A lista de tragédias continua. Alcoolismo? Hectolitros de bebida se encarregaram de abreviar as vidas e as carreiras de Sonny Clark, Hampton Hawes e Oscar Pettiford. Distúrbios mentais? Bud Powell e Phineas Newborn eram assíduos freqüentadores de hospitais psiquiátricos e Henry Grimes permaneceu na indigência entre 1968 e 2002, após haver sofrido um violento colapso que o fez abandonar a carreira e a família. Homicídio? Lee Morgan foi morto a tiros na saída da boate em que se apresentava, por uma ex-namorada, e também às portas de uma boate o baixista Jaco Pastorius foi espancado até a morte. Há o caso extremo de Chet Baker, que passou por quase todo tipo de tragédia – foi preso inúmeras vezes, usou e abusou de todo tipo de droga, perdeu quase todos os dentes após ser agredido brutalmente por traficantes – até a morte, que permanece um mistério: até hoje não se sabe se ele cometeu suicídio, se foi assassinado ou se caiu acidentalmente da janela de um modesto hotel de Amsterdã.

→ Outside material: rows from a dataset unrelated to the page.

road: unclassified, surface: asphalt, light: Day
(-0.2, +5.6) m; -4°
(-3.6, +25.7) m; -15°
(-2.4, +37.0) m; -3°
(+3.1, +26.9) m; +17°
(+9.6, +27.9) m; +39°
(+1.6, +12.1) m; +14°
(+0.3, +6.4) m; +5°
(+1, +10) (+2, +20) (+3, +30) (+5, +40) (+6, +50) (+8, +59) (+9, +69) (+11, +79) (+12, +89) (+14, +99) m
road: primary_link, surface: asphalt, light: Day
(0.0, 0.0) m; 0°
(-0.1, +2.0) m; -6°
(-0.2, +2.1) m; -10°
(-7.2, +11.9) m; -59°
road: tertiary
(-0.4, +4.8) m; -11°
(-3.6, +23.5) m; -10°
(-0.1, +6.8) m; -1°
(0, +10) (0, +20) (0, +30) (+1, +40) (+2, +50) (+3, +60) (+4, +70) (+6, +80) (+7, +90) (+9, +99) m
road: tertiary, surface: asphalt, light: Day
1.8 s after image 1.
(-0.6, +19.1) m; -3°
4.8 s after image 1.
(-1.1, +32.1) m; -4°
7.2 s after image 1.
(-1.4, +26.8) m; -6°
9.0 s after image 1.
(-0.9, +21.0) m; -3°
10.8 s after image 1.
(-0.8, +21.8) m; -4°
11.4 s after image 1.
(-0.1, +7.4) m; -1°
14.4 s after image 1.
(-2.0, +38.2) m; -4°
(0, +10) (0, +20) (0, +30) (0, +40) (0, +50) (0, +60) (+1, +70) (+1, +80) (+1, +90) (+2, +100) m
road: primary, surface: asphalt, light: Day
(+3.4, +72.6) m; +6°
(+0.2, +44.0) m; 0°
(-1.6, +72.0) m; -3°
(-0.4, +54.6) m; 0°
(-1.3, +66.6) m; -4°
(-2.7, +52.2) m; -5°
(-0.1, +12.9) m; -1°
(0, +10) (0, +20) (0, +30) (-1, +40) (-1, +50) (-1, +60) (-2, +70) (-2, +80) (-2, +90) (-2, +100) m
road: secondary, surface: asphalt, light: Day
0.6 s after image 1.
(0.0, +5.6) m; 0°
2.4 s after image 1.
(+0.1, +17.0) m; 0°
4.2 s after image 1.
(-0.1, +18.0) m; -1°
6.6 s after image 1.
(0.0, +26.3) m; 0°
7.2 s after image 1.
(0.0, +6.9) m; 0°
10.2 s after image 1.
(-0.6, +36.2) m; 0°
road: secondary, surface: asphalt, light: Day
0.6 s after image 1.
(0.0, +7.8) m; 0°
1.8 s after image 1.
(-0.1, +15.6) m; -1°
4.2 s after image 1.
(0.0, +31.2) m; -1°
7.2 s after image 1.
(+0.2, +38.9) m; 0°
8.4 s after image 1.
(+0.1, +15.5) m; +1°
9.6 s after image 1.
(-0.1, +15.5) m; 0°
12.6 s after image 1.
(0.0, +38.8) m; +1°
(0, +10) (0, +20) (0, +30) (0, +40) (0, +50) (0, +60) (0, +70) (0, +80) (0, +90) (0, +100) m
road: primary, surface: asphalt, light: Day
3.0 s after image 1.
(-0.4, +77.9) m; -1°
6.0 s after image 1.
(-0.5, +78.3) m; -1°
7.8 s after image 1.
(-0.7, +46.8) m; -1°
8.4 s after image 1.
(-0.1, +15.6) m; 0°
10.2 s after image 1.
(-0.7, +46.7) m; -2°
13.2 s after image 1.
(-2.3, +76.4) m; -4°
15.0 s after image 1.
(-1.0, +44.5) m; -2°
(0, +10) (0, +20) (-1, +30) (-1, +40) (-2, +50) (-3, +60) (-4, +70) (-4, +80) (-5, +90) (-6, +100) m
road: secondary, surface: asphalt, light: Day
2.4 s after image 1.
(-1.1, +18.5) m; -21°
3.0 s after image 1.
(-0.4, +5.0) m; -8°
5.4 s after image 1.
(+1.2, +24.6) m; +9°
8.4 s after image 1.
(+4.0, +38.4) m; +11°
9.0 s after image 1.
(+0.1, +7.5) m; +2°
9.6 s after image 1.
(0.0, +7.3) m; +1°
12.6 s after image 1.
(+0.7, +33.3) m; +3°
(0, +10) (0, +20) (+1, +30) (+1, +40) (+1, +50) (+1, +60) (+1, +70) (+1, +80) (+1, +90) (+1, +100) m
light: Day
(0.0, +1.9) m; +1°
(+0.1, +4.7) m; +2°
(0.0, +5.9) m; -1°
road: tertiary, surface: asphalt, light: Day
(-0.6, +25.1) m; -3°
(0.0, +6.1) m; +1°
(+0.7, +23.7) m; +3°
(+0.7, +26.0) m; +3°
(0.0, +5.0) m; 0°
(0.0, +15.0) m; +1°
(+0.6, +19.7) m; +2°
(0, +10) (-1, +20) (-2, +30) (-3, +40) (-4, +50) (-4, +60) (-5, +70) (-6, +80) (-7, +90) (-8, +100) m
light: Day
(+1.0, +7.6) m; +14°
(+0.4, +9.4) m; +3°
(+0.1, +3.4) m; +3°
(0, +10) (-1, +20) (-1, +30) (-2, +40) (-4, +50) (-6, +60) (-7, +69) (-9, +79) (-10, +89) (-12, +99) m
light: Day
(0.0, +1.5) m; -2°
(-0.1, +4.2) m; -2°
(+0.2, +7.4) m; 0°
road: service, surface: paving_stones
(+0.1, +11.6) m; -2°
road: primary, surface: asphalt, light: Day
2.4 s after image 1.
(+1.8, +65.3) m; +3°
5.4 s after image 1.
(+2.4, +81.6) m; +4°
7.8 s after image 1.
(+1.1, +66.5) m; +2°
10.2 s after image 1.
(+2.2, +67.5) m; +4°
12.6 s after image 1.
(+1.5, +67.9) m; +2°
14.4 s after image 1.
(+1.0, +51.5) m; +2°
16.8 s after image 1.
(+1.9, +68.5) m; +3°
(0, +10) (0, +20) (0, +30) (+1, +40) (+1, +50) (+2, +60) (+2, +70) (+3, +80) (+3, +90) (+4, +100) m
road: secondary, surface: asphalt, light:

No quesito mortes misteriosas, temos Albert Ayler, cujo corpo foi encontrado boiando no Rio Hudson em 1970, e Wardell Gray – seu cadáver foi encontrado no deserto de Las Vegas em 1955 com o pescoço quebrado. Há fortes indícios (jamais confirmados) de que ambos teriam sido assassinados. Entretanto, o assassinato mais terrível talvez tenha sido o de Jaki Byard. Ele foi morto dentro de sua própria casa, com um tiro na cabeça, no dia 11 de fevereiro de 1999, na cidade de Nova York. Ayler e Gray eram usuários pesados de diversos tipos de entorpecentes e é provável que as drogas tenham sido motivo determinante para ambas as mortes. Byard, ao contrário, era um afável professor, um homem que acreditava no poder redentor da educação, sobretudo por meio da música. Tinha 76 anos.

Músico estupendo e de rara versatilidade, John Arthur Byard Jr. firmou sua reputação como pianista, mas dominava com extrema perícia o trombone, o saxofone tenor, o vibrafone e a bateria. Nascido em 1922, com apenas 18 anos já dividia os palcos e estúdios com feras como Ray Nance, Sam Rivers e Earl Bostic. Nos anos 50, associou-se mais regularmente a Herb Pomeroy e Maynard Ferguson, obtendo alguma notoriedade no circuito jazzístico de Boston e despontando como um compositor extremamente promissor.

A partir de 1960, já em Nova York, Jaki desenvolve um prolífico trabalho ao lado do fenomenal Charles Mingus, obtendo excelente repercussão junto ao público e à crítica – é dele o piano que se ouve em obras essenciais como “Mingus Mingus Mingus Mingus Mingus” e “The Black Saint And The Sinner Lady”. Sem prejuízo de sua carreira solo, toca habitualmente com Roland Kirk, Eric Dolphy e Booker Ervin e desenvolve uma respeitada carreira acadêmica, chegando a dar aulas na prestigiosa Harvard University.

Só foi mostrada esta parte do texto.